Italy Welcomes Giorgia Meloni as New Prime Minister

By: Chak Kai Wong

On October 22rd, 2022, Giorgia Meloni was inaugurated as Italy’s new prime minister at Sala dei Galeoni (Galleon Room). There, the former Prime Minister Mario Draghi and Meloni held a confidential handover ceremony, welcoming her to the office. She became the first female PM in Italy’s history and her tenure invites a wave of speculation from the global communities as Meloni’s successful bid for prime minister represents a wider trend of resurging far right nationalist movements across the world.

Giorgia Meloni was born in Rome in 1977. Growing up as a working class girl in a southern neighborhood of Rome, she has been associated with far-right political organizations for her entire political career. She joined the Italian Social Movement, a neo-facist conservative party at the age of 15. In the 2022 election, her party, Brothers of Italy, and the center-right coalition government it formed won a total of 237 seats in the 400-seat Chamber of Deputies. Meloni ran with a platform involving lower taxes, less European Union bureaucracy, and the blockade of illegal immigration, depicting herself as champion of the Italian nationalist movement and promising to put her country’s interest first.

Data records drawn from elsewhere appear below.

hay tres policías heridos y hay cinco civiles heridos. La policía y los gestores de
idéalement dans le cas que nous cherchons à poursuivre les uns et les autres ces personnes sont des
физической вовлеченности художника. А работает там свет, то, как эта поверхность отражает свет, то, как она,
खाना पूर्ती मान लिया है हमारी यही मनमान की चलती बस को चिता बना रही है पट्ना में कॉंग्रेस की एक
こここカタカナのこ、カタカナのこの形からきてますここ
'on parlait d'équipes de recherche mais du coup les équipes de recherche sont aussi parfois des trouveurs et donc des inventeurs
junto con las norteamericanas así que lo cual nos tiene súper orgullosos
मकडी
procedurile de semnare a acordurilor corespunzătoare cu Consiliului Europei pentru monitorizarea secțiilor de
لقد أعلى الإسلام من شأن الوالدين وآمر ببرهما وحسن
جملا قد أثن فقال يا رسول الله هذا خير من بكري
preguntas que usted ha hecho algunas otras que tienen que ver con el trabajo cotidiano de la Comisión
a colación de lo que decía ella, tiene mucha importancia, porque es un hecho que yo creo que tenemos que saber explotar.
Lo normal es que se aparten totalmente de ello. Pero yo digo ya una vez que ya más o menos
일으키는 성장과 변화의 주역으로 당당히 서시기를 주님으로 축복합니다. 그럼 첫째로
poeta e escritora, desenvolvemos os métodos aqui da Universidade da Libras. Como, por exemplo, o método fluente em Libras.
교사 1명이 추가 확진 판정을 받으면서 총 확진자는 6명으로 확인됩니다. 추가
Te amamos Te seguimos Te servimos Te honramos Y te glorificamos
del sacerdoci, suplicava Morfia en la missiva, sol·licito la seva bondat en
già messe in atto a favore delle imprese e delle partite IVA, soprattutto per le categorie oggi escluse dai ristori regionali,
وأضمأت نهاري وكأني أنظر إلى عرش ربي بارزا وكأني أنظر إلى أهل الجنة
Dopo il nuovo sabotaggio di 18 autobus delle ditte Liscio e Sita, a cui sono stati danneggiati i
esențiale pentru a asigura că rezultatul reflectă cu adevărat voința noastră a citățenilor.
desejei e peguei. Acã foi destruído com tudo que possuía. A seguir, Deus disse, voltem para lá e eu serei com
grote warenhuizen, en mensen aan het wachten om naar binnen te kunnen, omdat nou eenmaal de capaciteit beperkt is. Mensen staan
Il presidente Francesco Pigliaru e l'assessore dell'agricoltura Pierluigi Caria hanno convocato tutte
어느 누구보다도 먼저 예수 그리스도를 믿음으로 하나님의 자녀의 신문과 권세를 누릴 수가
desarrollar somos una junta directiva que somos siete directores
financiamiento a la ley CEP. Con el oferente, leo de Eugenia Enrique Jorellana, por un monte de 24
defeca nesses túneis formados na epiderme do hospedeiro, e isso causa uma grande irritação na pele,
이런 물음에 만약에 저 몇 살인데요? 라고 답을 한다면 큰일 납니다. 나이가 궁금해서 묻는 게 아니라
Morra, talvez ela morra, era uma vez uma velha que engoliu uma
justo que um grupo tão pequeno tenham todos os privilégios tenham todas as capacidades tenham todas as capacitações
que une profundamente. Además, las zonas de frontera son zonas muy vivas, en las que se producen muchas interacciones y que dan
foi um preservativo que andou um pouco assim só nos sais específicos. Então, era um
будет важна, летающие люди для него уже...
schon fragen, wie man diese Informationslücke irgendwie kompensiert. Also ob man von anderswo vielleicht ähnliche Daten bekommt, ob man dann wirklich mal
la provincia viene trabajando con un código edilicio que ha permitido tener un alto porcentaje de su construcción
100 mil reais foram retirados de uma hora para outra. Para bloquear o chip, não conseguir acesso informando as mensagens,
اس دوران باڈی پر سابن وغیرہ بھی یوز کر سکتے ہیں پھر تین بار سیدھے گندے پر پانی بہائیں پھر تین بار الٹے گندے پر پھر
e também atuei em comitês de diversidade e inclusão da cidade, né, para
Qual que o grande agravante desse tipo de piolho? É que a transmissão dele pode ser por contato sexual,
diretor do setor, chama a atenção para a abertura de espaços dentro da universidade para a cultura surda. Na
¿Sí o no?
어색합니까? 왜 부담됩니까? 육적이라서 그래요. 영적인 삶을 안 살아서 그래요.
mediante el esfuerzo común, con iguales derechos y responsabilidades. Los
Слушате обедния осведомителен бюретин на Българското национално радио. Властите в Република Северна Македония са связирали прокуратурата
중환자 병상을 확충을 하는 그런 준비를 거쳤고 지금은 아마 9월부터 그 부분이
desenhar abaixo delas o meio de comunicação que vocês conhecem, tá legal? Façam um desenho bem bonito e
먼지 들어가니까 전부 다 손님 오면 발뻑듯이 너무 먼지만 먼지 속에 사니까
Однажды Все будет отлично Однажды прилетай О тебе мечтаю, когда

Meloni has often been criticized for her stance against abortion, LGBTQ+ rights, and preference for zero-tolerance immigration policy. She has also proposed to use a naval blockade to prevent immigration from Libya. Earlier in the election cycle, she outlined her agenda as the prime minister of Italy. “Yes to the natural family, no to the LGBT lobby, yes to sexual identity, no to gender ideology… no to Islamist violence, yes to secure borders, no to mass migration… no to big international finance… no to the bureaucrats of Brussels!” said Meloni in a campaign speech. 

The most controversial aspect of Meloni’s party is her association with the neo-facist movement. She has self-characterized as a right-wing populist, and has expressed mixed claims about her involvement in the movement. In an interview held when she was 19, she praised the former Facist dictator Benito Mussolini. “He is a good politician, in that everything he did, he did for Italy … [Mussolini] is the best politician of the last 50 years,” said Meloni to the newscast.  

Since her confirmation for the prime minister, however, most experts believe that she will be held accountable by the center-right faction in her government and she will lead Italy in a style similar to the Conservative Party in the U.K. and the Republican Party in the U.S. “Her party is not fascist,” said  Gianluca Passarelli, a professor of political science at Rome’s Sapienza University. 

“Fascism means to get power and destroy the system. She won’t do that and she couldn’t. But there are wings in the party linked to the neo-fascist movement. She has always played somehow in-between,” added Passarelli.

The far-right nationalist victory in Italy is not a coincidence, but a miniature of a worldwide surge of conversative politicians such as Viktor Orbán in Hungry and Marine Le Pen in France. Especially in Europe, where stagnating economy and inflexible social structure has led to national discontent on immigration and progressive agenda as well as appreciation for conservative, nationalistic values. “[Meloni] wants a ‘Europe of nations’, so everyone is basically alone. Italy could become the Trojan horse of Putin to undermine solidarity, so she would enable him to continue weakening Europe,” warned Passarelli.